筆者が建築ジャーナリストの磯達雄と担当するBankARTスクールの横浜建築家列伝のシリーズ、第4弾が行なわれた。2月12日は坂倉建築研究所の萬代恭博を招き、お話しいただく。1960年代に建設された神奈川県庁の新庁舎の免震による増改築プロジェクト(場所を移転し、高層ビルを新しく建てる横浜市庁舎とは対照的)、シルクセンター、ポストモダンの時代を反映し、装飾的な記号を導入した人形の家や山下公園再整備など、横浜の作品をひもときながら、同時代の渋谷や新宿のプロジェクトが紹介された。
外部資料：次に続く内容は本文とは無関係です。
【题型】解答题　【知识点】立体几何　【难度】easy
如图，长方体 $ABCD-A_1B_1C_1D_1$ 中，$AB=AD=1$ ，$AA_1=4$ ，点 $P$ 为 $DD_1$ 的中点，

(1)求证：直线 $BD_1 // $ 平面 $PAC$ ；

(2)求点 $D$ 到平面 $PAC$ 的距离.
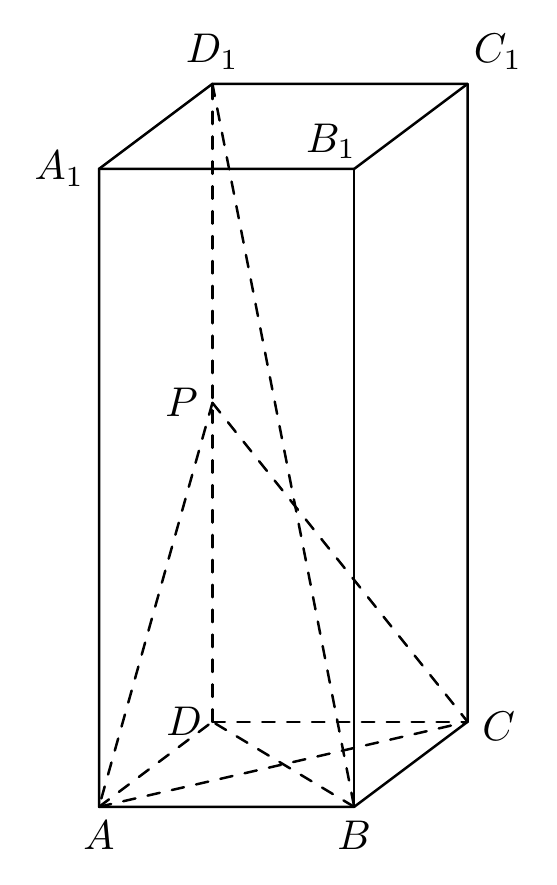
【解答】
【详解】（1）证明：由题意可知，$DA, DC, DD_1$ 两两垂直，

所以以 $D$ 为原点，$DA, DC, DD_1$ 所在直线分别为 $x$ 轴，$y$ 轴，$z$ 轴，建立空间直角坐标系，如图所示：

由题意可得 $D(0,0,0), A(1,0,0), B(1,1,0), C(0,1,0), D_1(0,0,4), P(0,0,2)$ ，

则 $\overrightarrow{BD_1} = (-1, -1, 4)$ ，$\overrightarrow{AC} = (-1, 1, 0)$ ，$\overrightarrow{PC} = (0, 1, -2)$ ，

设平面 $PAC$ 的法向量为 $\vec{n} = (x, y, z)$ ，

则 $\begin{cases} \vec{n} \cdot \overrightarrow{PC} = y - 2z = 0 \\ \vec{n} \cdot \overrightarrow{AC} = -x + y = 0 \end{cases}$ ，化简得 $\begin{cases} y = 2z \\ y = x \end{cases}$ ，取 $z = 1$ ，则 $\vec{n} = (2, 2, 1)$ ，

因为 $\overrightarrow{BD_1} \cdot \vec{n} = -2 - 2 + 4 = 0$ ，所以 $\overrightarrow{BD_1} \perp \vec{n}$ ，

又因为 $BD_1 \not\subset$ 平面 $PAC$ ，所以 $BD_1 // $ 平面 $PAC$ ；

（2）由（1）知平面 $PAC$ 的法向量为 $\vec{n} = (2, 2, 1)$ ，又因为 $\overrightarrow{DA} = (1, 0, 0)$ ，

所以点 $D$ 到平面 $PAC$ 的距离 $d = \dfrac{|\overrightarrow{DA} \cdot \vec{n}|}{|\vec{n}|} = \dfrac{2}{3}$ .

所以点 $D$ 到平面 $PAC$ 的距离为 $\dfrac{2}{3}$ .
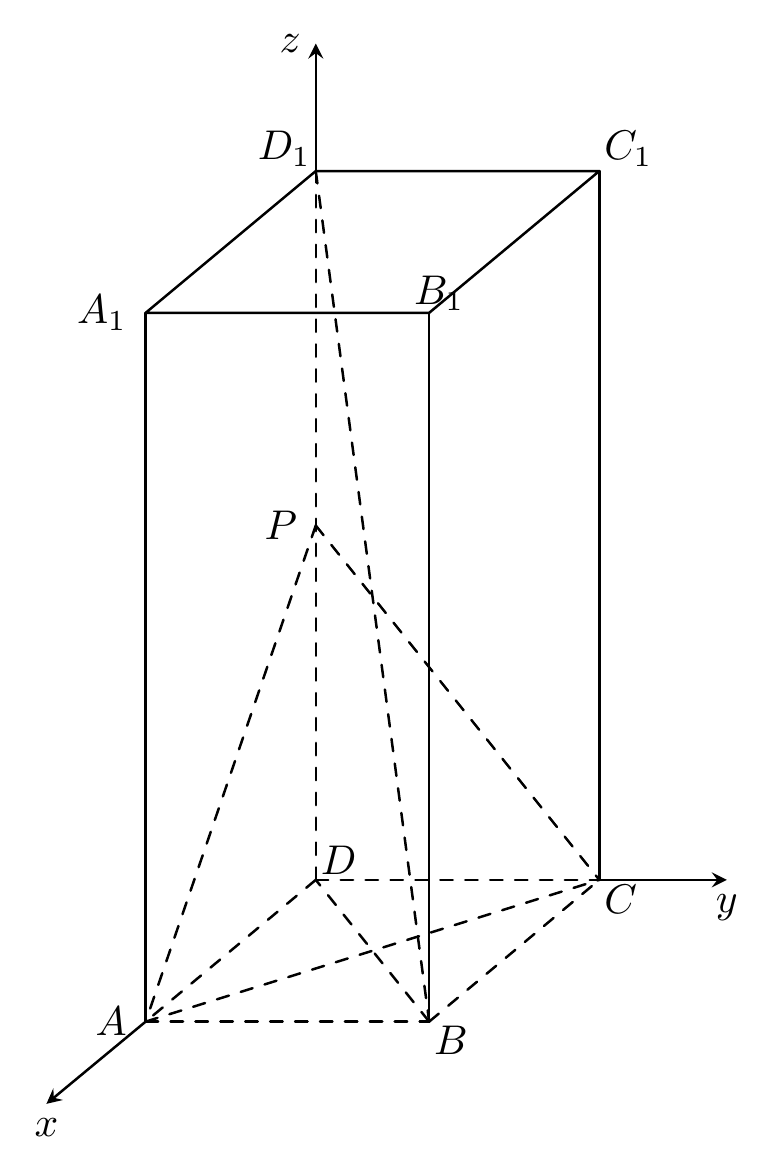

改めて坂倉準三は、日本では珍しく単体としての建築を終わらせず、都市デザインを展開しようと考えていた建築家だということがよくわかる。また興味深いのは、かといって丹下健三とは違い、家具レベルのヒューマン・スケールも同時に設計したり、鉄道会社や百貨店など、民間の事業に取り組んでいたことだ。

2月26日は、tomato architecture(冨永美保+伊藤孝仁)をゲストに迎えた。富永はまだ20代だから、シリーズでは最年少だろう。《CASACO》ほか、東ヶ丘のまちにおける一連の仕事や真鶴の改修など、せざるをえないリノベーションの世代である。《CASACO》は筆者が企画した「3.11以後の建築」展の「住まいをひらく」のセクションに入るようなプロジェクトであり、この展示を契機に着想した「リレーショナル・アーキテクチャー」の概念にどんぴしゃの活動を行なう。実際、彼女が東京藝術大学の助手を務めたときの被災地の雄勝町でのヒアリングが影響したらしい。冨永が学部3年次に企画した建築女子展で初めて知り、その後、2011年にせんだいデザインリーグで審査を担当したときに日本一に選ばれたが、味のあるドローイングは変わらない。伊藤孝仁は筆者がお題を決めたTEPCOインターカレッジデザイン選手権のコンペで2度優秀賞を獲得していた。学生のときから間近で目撃した建築家である。